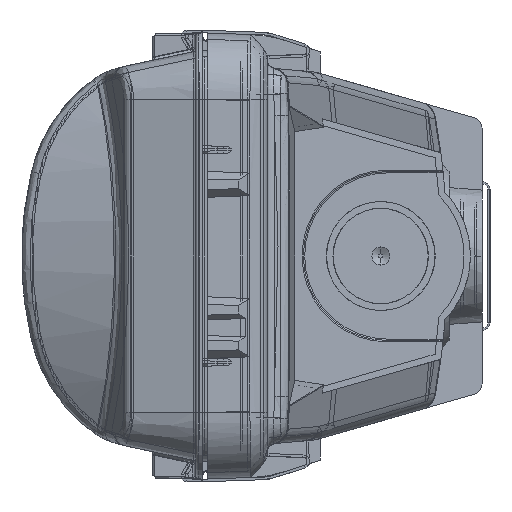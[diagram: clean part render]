
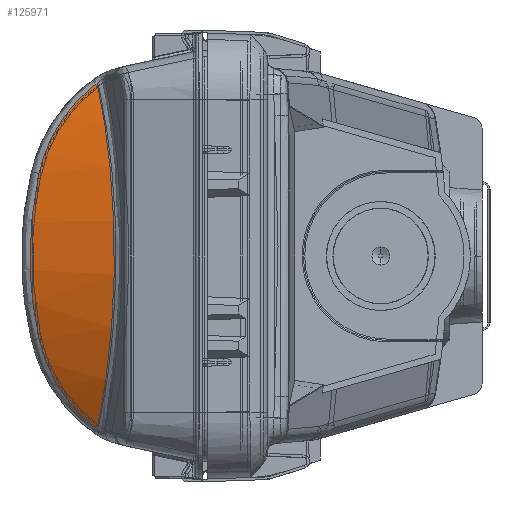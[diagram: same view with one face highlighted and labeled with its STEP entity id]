
A CAD part, left-side view. The second image highlights one B-rep face of the part: STEP entity #125971.
In plain terms, the highlighted conical face has half-angle 15 degrees and reference radius 66.648 mm.
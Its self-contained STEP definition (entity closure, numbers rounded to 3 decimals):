
#89943=CARTESIAN_POINT('',(-715.685,-29.799,
32.548));
#89944=CARTESIAN_POINT('',(-716.35,-29.564,
31.461));
#89945=CARTESIAN_POINT('',(-717.613,-29.117,
29.249));
#89946=CARTESIAN_POINT('',(-719.3,-28.521,
25.823));
#89947=CARTESIAN_POINT('',(-720.771,-28.001,
22.311));
#89948=CARTESIAN_POINT('',(-722.02,-27.559,
18.727));
#89949=CARTESIAN_POINT('',(-723.047,-27.196,
15.084));
#89950=CARTESIAN_POINT('',(-723.85,-26.912,
11.391));
#89951=CARTESIAN_POINT('',(-724.428,-26.708,
7.657));
#89952=CARTESIAN_POINT('',(-724.779,-26.584,
3.894));
#89953=CARTESIAN_POINT('',(-724.9,-26.541,
0.115));
#89954=CARTESIAN_POINT('',(-724.793,-26.579,
-3.668));
#89955=CARTESIAN_POINT('',(-724.455,-26.699,
-7.442));
#89956=CARTESIAN_POINT('',(-723.887,-26.899,
-11.197));
#89957=CARTESIAN_POINT('',(-723.088,-27.182,
-14.92));
#89958=CARTESIAN_POINT('',(-722.062,-27.544,
-18.596));
#89959=CARTESIAN_POINT('',(-720.808,-27.988,
-22.213));
#89960=CARTESIAN_POINT('',(-719.332,-28.51,
-25.756));
#89961=CARTESIAN_POINT('',(-717.627,-29.112,
-29.224));
#89962=CARTESIAN_POINT('',(-716.355,-29.562,
-31.454));
#89963=CARTESIAN_POINT('',(-715.685,-29.799,
-32.548));
#89965=CARTESIAN_POINT('',(-715.709,-30.053,
32.361));
#89966=CARTESIAN_POINT('',(-715.705,-30.01,
32.394));
#89967=CARTESIAN_POINT('',(-715.696,-29.927,
32.455));
#89968=CARTESIAN_POINT('',(-715.689,-29.841,
32.518));
#89969=CARTESIAN_POINT('',(-715.685,-29.799,
32.548));
#89971=CARTESIAN_POINT('',(-719.161,-40.764,
15.573));
#89972=CARTESIAN_POINT('',(-719.028,-40.606,
16.287));
#89973=CARTESIAN_POINT('',(-718.758,-40.241,
17.689));
#89974=CARTESIAN_POINT('',(-718.343,-39.551,
19.718));
#89975=CARTESIAN_POINT('',(-717.924,-38.722,
21.672));
#89976=CARTESIAN_POINT('',(-717.512,-37.768,
23.534));
#89977=CARTESIAN_POINT('',(-717.118,-36.704,
25.29));
#89978=CARTESIAN_POINT('',(-716.75,-35.538,
26.936));
#89979=CARTESIAN_POINT('',(-716.42,-34.295,
28.456));
#89980=CARTESIAN_POINT('',(-716.129,-32.962,
29.873));
#89981=CARTESIAN_POINT('',(-715.885,-31.541,
31.189));
#89982=CARTESIAN_POINT('',(-715.761,-30.555,
31.984));
#89983=CARTESIAN_POINT('',(-715.709,-30.053,
32.361));
#89985=CARTESIAN_POINT('',(-719.161,-40.764,
-15.573));
#89986=CARTESIAN_POINT('',(-719.382,-41.027,
-14.382));
#89987=CARTESIAN_POINT('',(-719.765,-41.48,
-12.038));
#89988=CARTESIAN_POINT('',(-720.169,-41.957,
-8.749));
#89989=CARTESIAN_POINT('',(-720.452,-42.288,
-5.378));
#89990=CARTESIAN_POINT('',(-720.598,-42.46,
-2.03));
#89991=CARTESIAN_POINT('',(-720.611,-42.475,
1.349));
#89992=CARTESIAN_POINT('',(-720.493,-42.337,
4.676));
#89993=CARTESIAN_POINT('',(-720.23,-42.028,
8.181));
#89994=CARTESIAN_POINT('',(-719.797,-41.518,
11.844));
#89995=CARTESIAN_POINT('',(-719.394,-41.041,
14.322));
#89996=CARTESIAN_POINT('',(-719.161,-40.764,
15.573));
#89998=CARTESIAN_POINT('',(-715.709,-30.054,
-32.361));
#89999=CARTESIAN_POINT('',(-715.76,-30.545,
-31.992));
#90000=CARTESIAN_POINT('',(-715.882,-31.516,
-31.21));
#90001=CARTESIAN_POINT('',(-716.121,-32.917,
-29.918));
#90002=CARTESIAN_POINT('',(-716.411,-34.258,
-28.499));
#90003=CARTESIAN_POINT('',(-716.745,-35.52,
-26.96));
#90004=CARTESIAN_POINT('',(-717.115,-36.695,
-25.304));
#90005=CARTESIAN_POINT('',(-717.511,-37.766,
-23.539));
#90006=CARTESIAN_POINT('',(-717.922,-38.719,
-21.679));
#90007=CARTESIAN_POINT('',(-718.343,-39.552,
-19.716));
#90008=CARTESIAN_POINT('',(-718.761,-40.247,
-17.671));
#90009=CARTESIAN_POINT('',(-719.03,-40.608,
-16.279));
#90010=CARTESIAN_POINT('',(-719.161,-40.764,
-15.573));
#90012=CARTESIAN_POINT('',(-715.685,-29.799,
-32.548));
#90013=CARTESIAN_POINT('',(-715.689,-29.841,
-32.518));
#90014=CARTESIAN_POINT('',(-715.696,-29.927,
-32.455));
#90015=CARTESIAN_POINT('',(-715.705,-30.01,
-32.394));
#90016=CARTESIAN_POINT('',(-715.709,-30.054,
-32.361));
#117188=VERTEX_POINT('',#89943);
#117189=VERTEX_POINT('',#89963);
#118365=VERTEX_POINT('',#89998);
#118366=VERTEX_POINT('',#90010);
#118368=VERTEX_POINT('',#89996);
#118369=VERTEX_POINT('',#89983);
#125954=CARTESIAN_POINT('',(-656.083,-34.51,0.));
#125955=DIRECTION('',(0.,1.,0.));
#125956=DIRECTION('',(-1.,0.,0.));
#125957=AXIS2_PLACEMENT_3D('',#125954,#125955,#125956);
#125958=CONICAL_SURFACE('',#125957,66.648,15.);
#125959=ORIENTED_EDGE('',*,*,#121193,.F.);
#125961=ORIENTED_EDGE('',*,*,#125960,.F.);
#125963=ORIENTED_EDGE('',*,*,#125962,.F.);
#125964=ORIENTED_EDGE('',*,*,#125944,.F.);
#125966=ORIENTED_EDGE('',*,*,#125965,.F.);
#125968=ORIENTED_EDGE('',*,*,#125967,.F.);
#125969=EDGE_LOOP('',(#125959,#125961,#125963,#125964,#125966,#125968));
#125970=FACE_OUTER_BOUND('',#125969,.F.);
#125971=ADVANCED_FACE('',(#125970),#125958,.T.);
#89964=B_SPLINE_CURVE_WITH_KNOTS('',3,(#89943,#89944,#89945,#89946,#89947,
#89948,#89949,#89950,#89951,#89952,#89953,#89954,#89955,#89956,#89957,#89958,
#89959,#89960,#89961,#89962,#89963),.UNSPECIFIED.,.F.,.F.,(4,1,1,1,1,1,1,1,1,1,
1,1,1,1,1,1,1,1,4),(0.,0.056,0.111,0.167,
0.222,0.278,0.333,0.389,
0.444,0.5,0.556,0.611,0.667,
0.722,0.778,0.833,0.889,
0.944,1.),.UNSPECIFIED.);
#89970=B_SPLINE_CURVE_WITH_KNOTS('',3,(#89965,#89966,#89967,#89968,#89969),
.UNSPECIFIED.,.F.,.F.,(4,1,4),(0.,0.5,1.),.UNSPECIFIED.);
#89984=B_SPLINE_CURVE_WITH_KNOTS('',3,(#89971,#89972,#89973,#89974,#89975,
#89976,#89977,#89978,#89979,#89980,#89981,#89982,#89983),.UNSPECIFIED.,.F.,.F.,(
4,1,1,1,1,1,1,1,1,1,4),(0.,0.1,0.2,0.3,0.4,0.5,0.6,0.7,0.8,
0.9,1.),.UNSPECIFIED.);
#89997=B_SPLINE_CURVE_WITH_KNOTS('',3,(#89985,#89986,#89987,#89988,#89989,
#89990,#89991,#89992,#89993,#89994,#89995,#89996),.UNSPECIFIED.,.F.,.F.,(4,1,1,
1,1,1,1,1,1,4),(0.,0.111,0.222,0.333,
0.444,0.556,0.667,0.778,
0.889,1.),.UNSPECIFIED.);
#90011=B_SPLINE_CURVE_WITH_KNOTS('',3,(#89998,#89999,#90000,#90001,#90002,
#90003,#90004,#90005,#90006,#90007,#90008,#90009,#90010),.UNSPECIFIED.,.F.,.F.,(
4,1,1,1,1,1,1,1,1,1,4),(0.,0.1,0.2,0.3,0.4,0.5,0.6,0.7,0.8,
0.9,1.),.UNSPECIFIED.);
#90017=B_SPLINE_CURVE_WITH_KNOTS('',3,(#90012,#90013,#90014,#90015,#90016),
.UNSPECIFIED.,.F.,.F.,(4,1,4),(0.,0.5,1.),.UNSPECIFIED.);
#121193=EDGE_CURVE('',#117188,#117189,#89964,.T.);
#125944=EDGE_CURVE('',#118366,#118368,#89997,.T.);
#125960=EDGE_CURVE('',#118369,#117188,#89970,.T.);
#125962=EDGE_CURVE('',#118368,#118369,#89984,.T.);
#125965=EDGE_CURVE('',#118365,#118366,#90011,.T.);
#125967=EDGE_CURVE('',#117189,#118365,#90017,.T.);

§

*WORK TO BE COMPLETED:* Your response should hold only an exact copy of the lines above, from the one containing "#125959=ORIENTED_EDGE('',*,*,#121193,.F.);" through the end of the entries.

*RESULT OF THIS EXERCISE:*
#125959=ORIENTED_EDGE('',*,*,#121193,.F.);
#125961=ORIENTED_EDGE('',*,*,#125960,.F.);
#125963=ORIENTED_EDGE('',*,*,#125962,.F.);
#125964=ORIENTED_EDGE('',*,*,#125944,.F.);
#125966=ORIENTED_EDGE('',*,*,#125965,.F.);
#125968=ORIENTED_EDGE('',*,*,#125967,.F.);
#125969=EDGE_LOOP('',(#125959,#125961,#125963,#125964,#125966,#125968));
#125970=FACE_OUTER_BOUND('',#125969,.F.);
#125971=ADVANCED_FACE('',(#125970),#125958,.T.);
#89964=B_SPLINE_CURVE_WITH_KNOTS('',3,(#89943,#89944,#89945,#89946,#89947,
#89948,#89949,#89950,#89951,#89952,#89953,#89954,#89955,#89956,#89957,#89958,
#89959,#89960,#89961,#89962,#89963),.UNSPECIFIED.,.F.,.F.,(4,1,1,1,1,1,1,1,1,1,
1,1,1,1,1,1,1,1,4),(0.,0.056,0.111,0.167,
0.222,0.278,0.333,0.389,
0.444,0.5,0.556,0.611,0.667,
0.722,0.778,0.833,0.889,
0.944,1.),.UNSPECIFIED.);
#89970=B_SPLINE_CURVE_WITH_KNOTS('',3,(#89965,#89966,#89967,#89968,#89969),
.UNSPECIFIED.,.F.,.F.,(4,1,4),(0.,0.5,1.),.UNSPECIFIED.);
#89984=B_SPLINE_CURVE_WITH_KNOTS('',3,(#89971,#89972,#89973,#89974,#89975,
#89976,#89977,#89978,#89979,#89980,#89981,#89982,#89983),.UNSPECIFIED.,.F.,.F.,(
4,1,1,1,1,1,1,1,1,1,4),(0.,0.1,0.2,0.3,0.4,0.5,0.6,0.7,0.8,
0.9,1.),.UNSPECIFIED.);
#89997=B_SPLINE_CURVE_WITH_KNOTS('',3,(#89985,#89986,#89987,#89988,#89989,
#89990,#89991,#89992,#89993,#89994,#89995,#89996),.UNSPECIFIED.,.F.,.F.,(4,1,1,
1,1,1,1,1,1,4),(0.,0.111,0.222,0.333,
0.444,0.556,0.667,0.778,
0.889,1.),.UNSPECIFIED.);
#90011=B_SPLINE_CURVE_WITH_KNOTS('',3,(#89998,#89999,#90000,#90001,#90002,
#90003,#90004,#90005,#90006,#90007,#90008,#90009,#90010),.UNSPECIFIED.,.F.,.F.,(
4,1,1,1,1,1,1,1,1,1,4),(0.,0.1,0.2,0.3,0.4,0.5,0.6,0.7,0.8,
0.9,1.),.UNSPECIFIED.);
#90017=B_SPLINE_CURVE_WITH_KNOTS('',3,(#90012,#90013,#90014,#90015,#90016),
.UNSPECIFIED.,.F.,.F.,(4,1,4),(0.,0.5,1.),.UNSPECIFIED.);
#121193=EDGE_CURVE('',#117188,#117189,#89964,.T.);
#125944=EDGE_CURVE('',#118366,#118368,#89997,.T.);
#125960=EDGE_CURVE('',#118369,#117188,#89970,.T.);
#125962=EDGE_CURVE('',#118368,#118369,#89984,.T.);
#125965=EDGE_CURVE('',#118365,#118366,#90011,.T.);
#125967=EDGE_CURVE('',#117189,#118365,#90017,.T.);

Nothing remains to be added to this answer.